Hi Palermo, you have the passion of an angel. You would make a great teacher. I hope you succeed in educating adian808 and correcting his misconception.

----------


## MOESAN

Is there any gain in answering to adian808?

----------


## adian808

> Adian808: you have reading comprehension problems. I said Herodotus theory on the Etruscans was not correct. The DNA evidence on that is pretty clear. As for the Egyptians and the use of the word "melagochroes" does not mean "black" it means "dark". So in the context of the Egyptians and Ethiopians, I said nothing regarding whether he was wrong. It is that you are misquoting him.
> 
> Professor Frank Snowden who wrote the book I cited above "Blacks in Antiquity" published this paper in 1989 that points out that the "afro-centrist" translation of "melagochroes" as "black" is not correct. He as I stated cites all of Herodotus works regarding Egyptians and Ethiopians and all the other extant writers of ancient Greece. The Egyptians were darker than the Greeks themselves, that is true, but it is also clear that they were not as dark as Ethiopians. I suggest you read the article. I am not interested in aliens.
> 
> https://www.jstor.org/stable/2630857...o_tab_contents
> 
> 
> I also repeat, go read the ancient DNA studies on Egypt.

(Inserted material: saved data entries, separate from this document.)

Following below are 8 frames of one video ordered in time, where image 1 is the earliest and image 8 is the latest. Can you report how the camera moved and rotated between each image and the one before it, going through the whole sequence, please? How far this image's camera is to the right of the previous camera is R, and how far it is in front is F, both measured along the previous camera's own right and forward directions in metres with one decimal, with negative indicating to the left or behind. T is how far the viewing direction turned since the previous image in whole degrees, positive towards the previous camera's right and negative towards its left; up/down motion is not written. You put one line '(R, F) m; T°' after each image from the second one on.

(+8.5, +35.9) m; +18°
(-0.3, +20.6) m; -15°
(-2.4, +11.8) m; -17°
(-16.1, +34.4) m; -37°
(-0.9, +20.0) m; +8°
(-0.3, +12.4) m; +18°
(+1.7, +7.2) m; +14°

Frank Snowden committed an error because melanchroes really mean blacks , it's close to mela which means black, Old Greek: *karümnó- 'black': karümnón = mélan
k[ǟ]lás = kelai̯nó- = kēlḗnē = mélaina
Old Greek: mélās = mélan= mélai̯na = dark , black

so melanchroes (*μελάγχροες in greek )*= black ...

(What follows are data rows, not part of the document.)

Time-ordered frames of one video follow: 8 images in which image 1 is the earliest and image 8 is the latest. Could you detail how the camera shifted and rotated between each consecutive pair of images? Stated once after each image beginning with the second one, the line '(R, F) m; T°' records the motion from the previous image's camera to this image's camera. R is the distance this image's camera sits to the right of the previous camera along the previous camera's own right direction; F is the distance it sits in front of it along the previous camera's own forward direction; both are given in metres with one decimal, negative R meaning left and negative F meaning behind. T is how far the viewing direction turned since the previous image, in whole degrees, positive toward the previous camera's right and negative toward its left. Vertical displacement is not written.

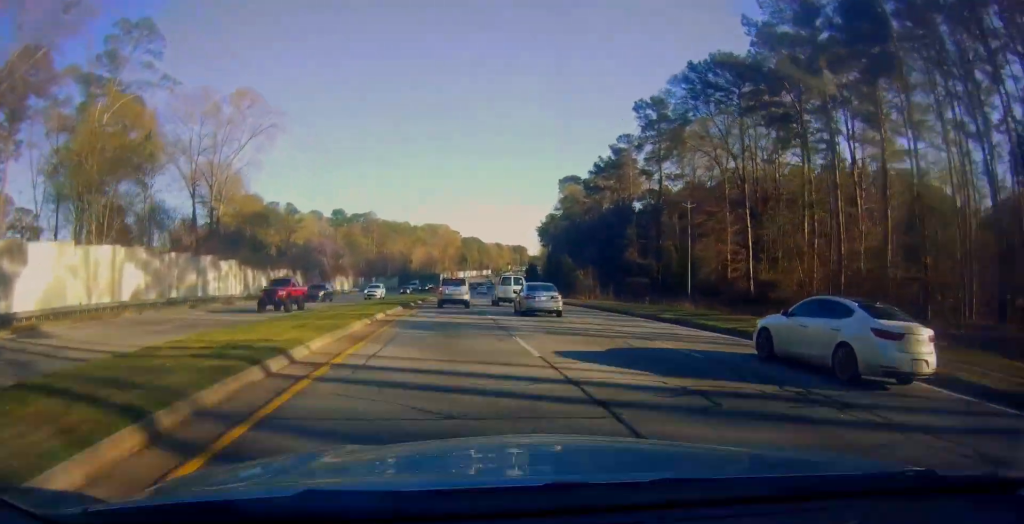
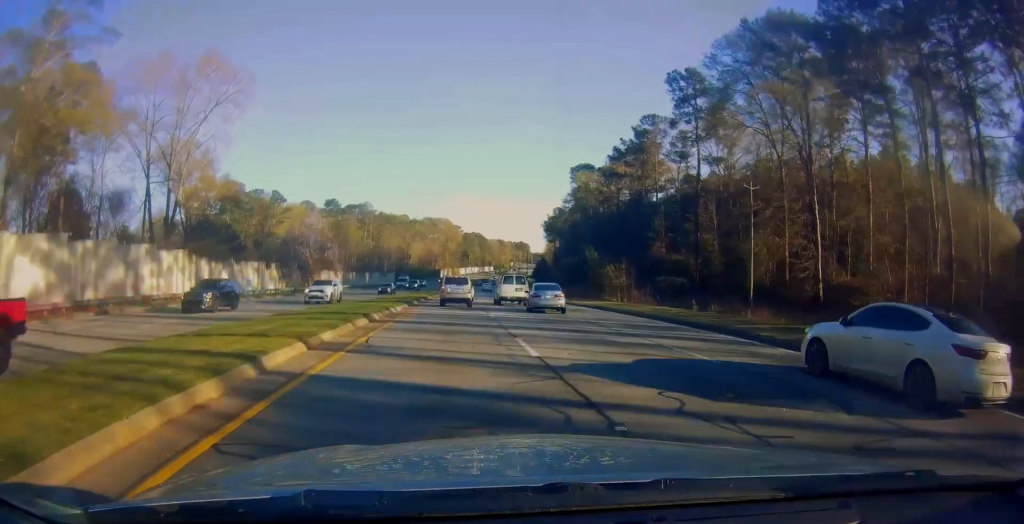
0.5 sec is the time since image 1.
(+0.4, +13.3) m; 0°
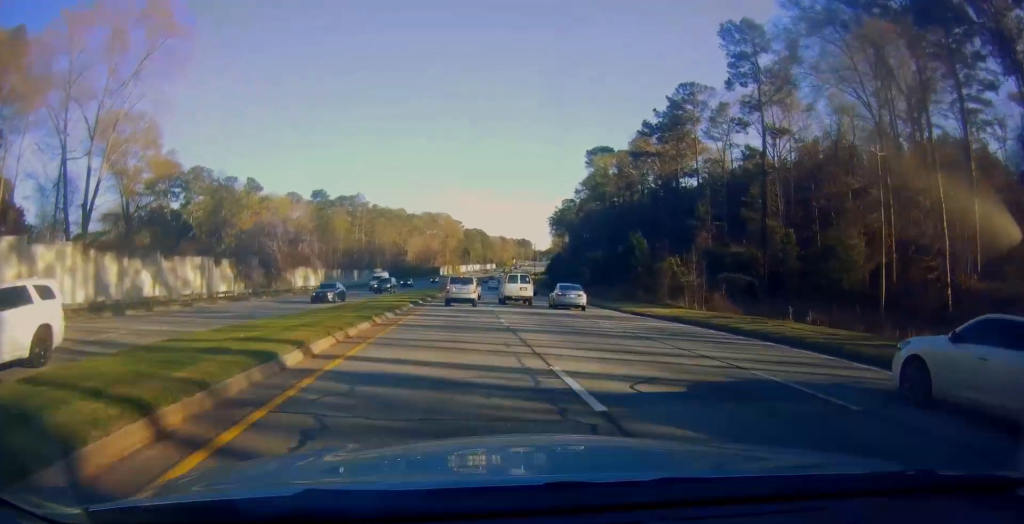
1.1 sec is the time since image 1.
(-0.7, +16.8) m; 0°
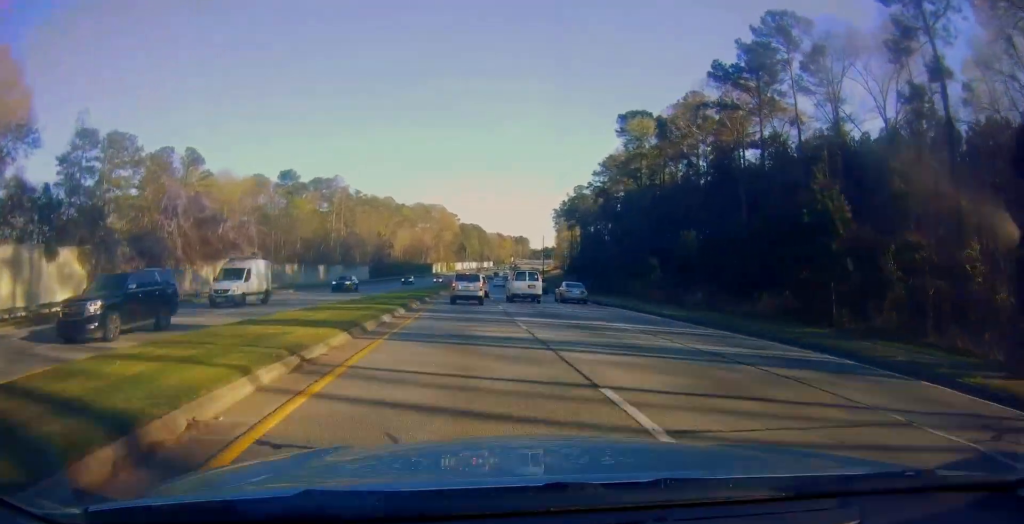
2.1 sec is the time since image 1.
(+0.3, +26.8) m; 0°
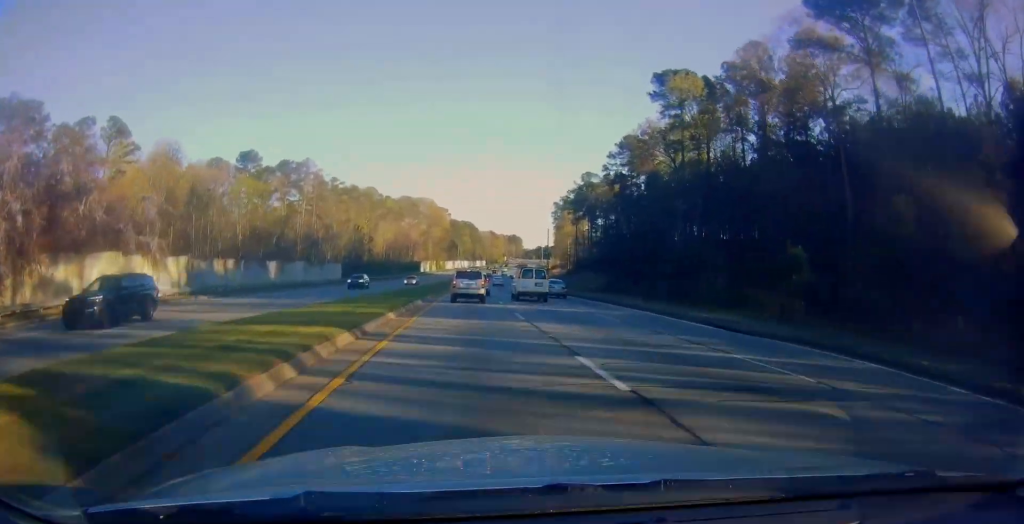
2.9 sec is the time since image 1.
(-0.1, +21.7) m; 0°
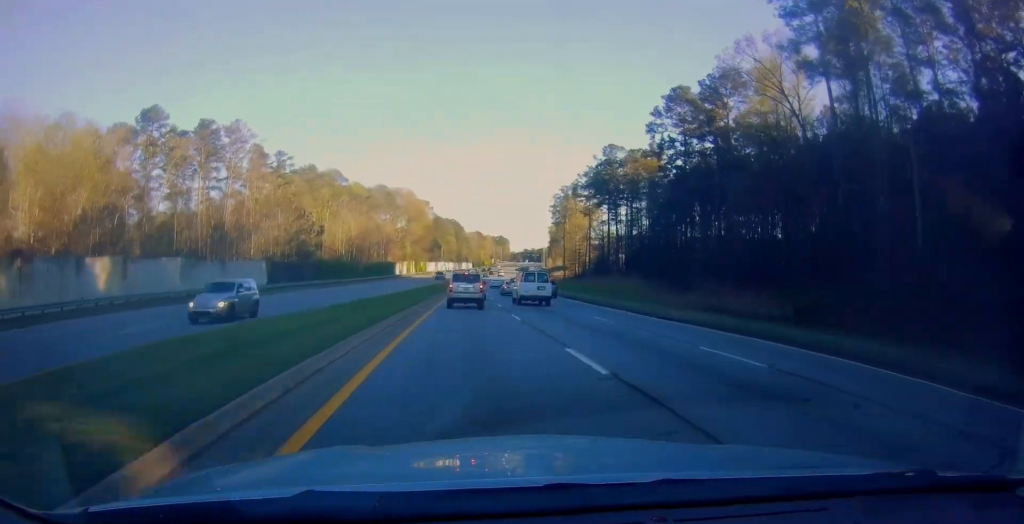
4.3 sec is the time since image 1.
(-0.1, +36.7) m; +1°
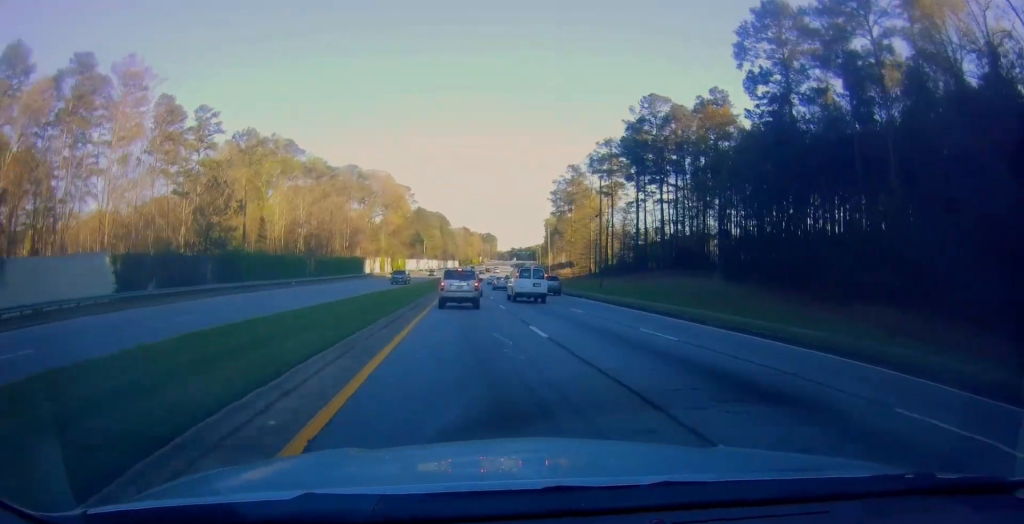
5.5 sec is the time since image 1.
(+0.6, +33.2) m; +2°
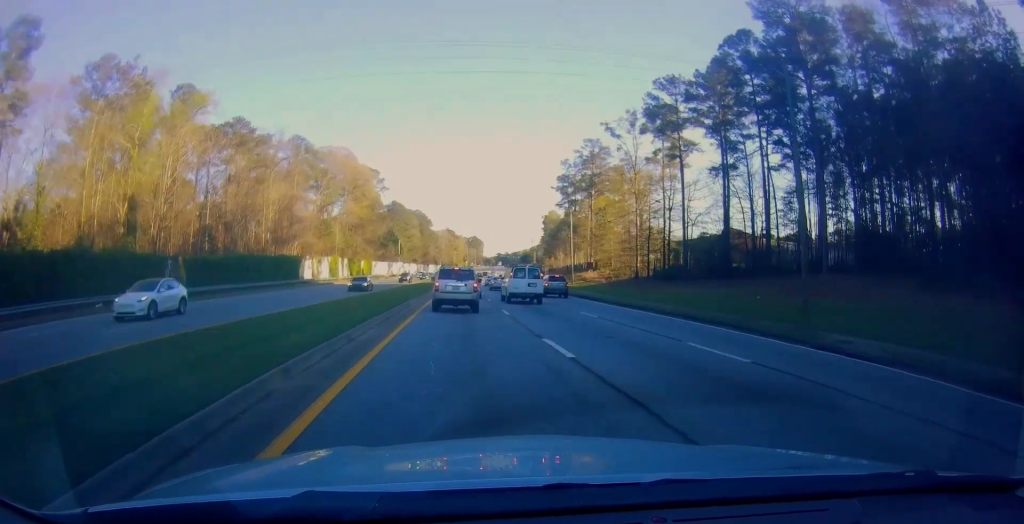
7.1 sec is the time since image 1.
(+1.2, +46.0) m; +2°

Read carefully herodotus ( original versions):


*μελάγχροες as we saw is black
*
*Oulotriches is curly / wooly 

and we must know this :
*
History and Etymology for ulotrichous (synonym of greek oulotriches )

New Latin Ulotrichi (plural) division of humankind having crisp or woolly hair (from Greek *oulotrich-, oulothrix having curly or woolly hair*, from oulos curly, woolly + trich-, thrix hair) + English -ous; akin to Greek eilein to roll, eilyein to roll, wrap.



*Ulotrichous Definition & Meaning - Merriam-Webster**
http://www.sacred-texts.com version:
*_“For the fact is as I soon came to realise myself, and then heard from others later, that the Colchians are obviously Egyptian. When the notion occurred to me, I asked both the Colchians and the Egyptians about it, and found that the Colchians had better recall of the Egyptians than the Egyptians did of them. Some Egyptians said that they thought the Colchians originated with Sesostris’ army, but I myself guessed their Egyptian origin not only because the Colchians are_ *dark–skinned and curly–haired*_ (which does not count for much by itself , because these features are common in others too) but more importantly because Colchians, Egyptians and Ethiopians are the only peoples in the world who practise circumcision and who have always done so._


*https://penelope.uchicago.edu/Thayer...dotus/2b*.html version:
*
For it is plain to see that Colchians are Egyptians; and this that I say I myself noted before I heard it from others. When I began to think on this matter, I inquired of both peoples; and the Colchians remembered the Egyptians better than the Egyptians remembered the Colchians; the Egyptians said that they held the Colchians to be part of Sesostris' army. I myself guessed it to be so, partly because they are dark-skinned and woolly-haired; though that indeed goes for nothing, seeing that other peoples, too, are such; but my better proof was that the Colchians and Egyptians and Ethiopians are the only nations that have from the first practised circumcision. The Phoenicians and the Syrians of Palestine acknowledge of themselves that they learnt the custom from the Egyptians, and the Syrians of the valleys of the Thermodon and the Parthenius, as well as their neighbours the Macrones, say that they learnt it lately from the Colchians. These are the only nations that circumcise, and it is seen that they do even as the Egyptians. But as to the Egyptians and Ethiopians themselves, I cannot say which nation learnt it from the other; for it is manifestly a very ancient custom. That the others learnt it from intercourse with Egypt I hold to be clearly proved by this — that Phoenicians who hold intercourse with Hellas cease to imitate the Egyptians in this matter and do not circumcise their children. 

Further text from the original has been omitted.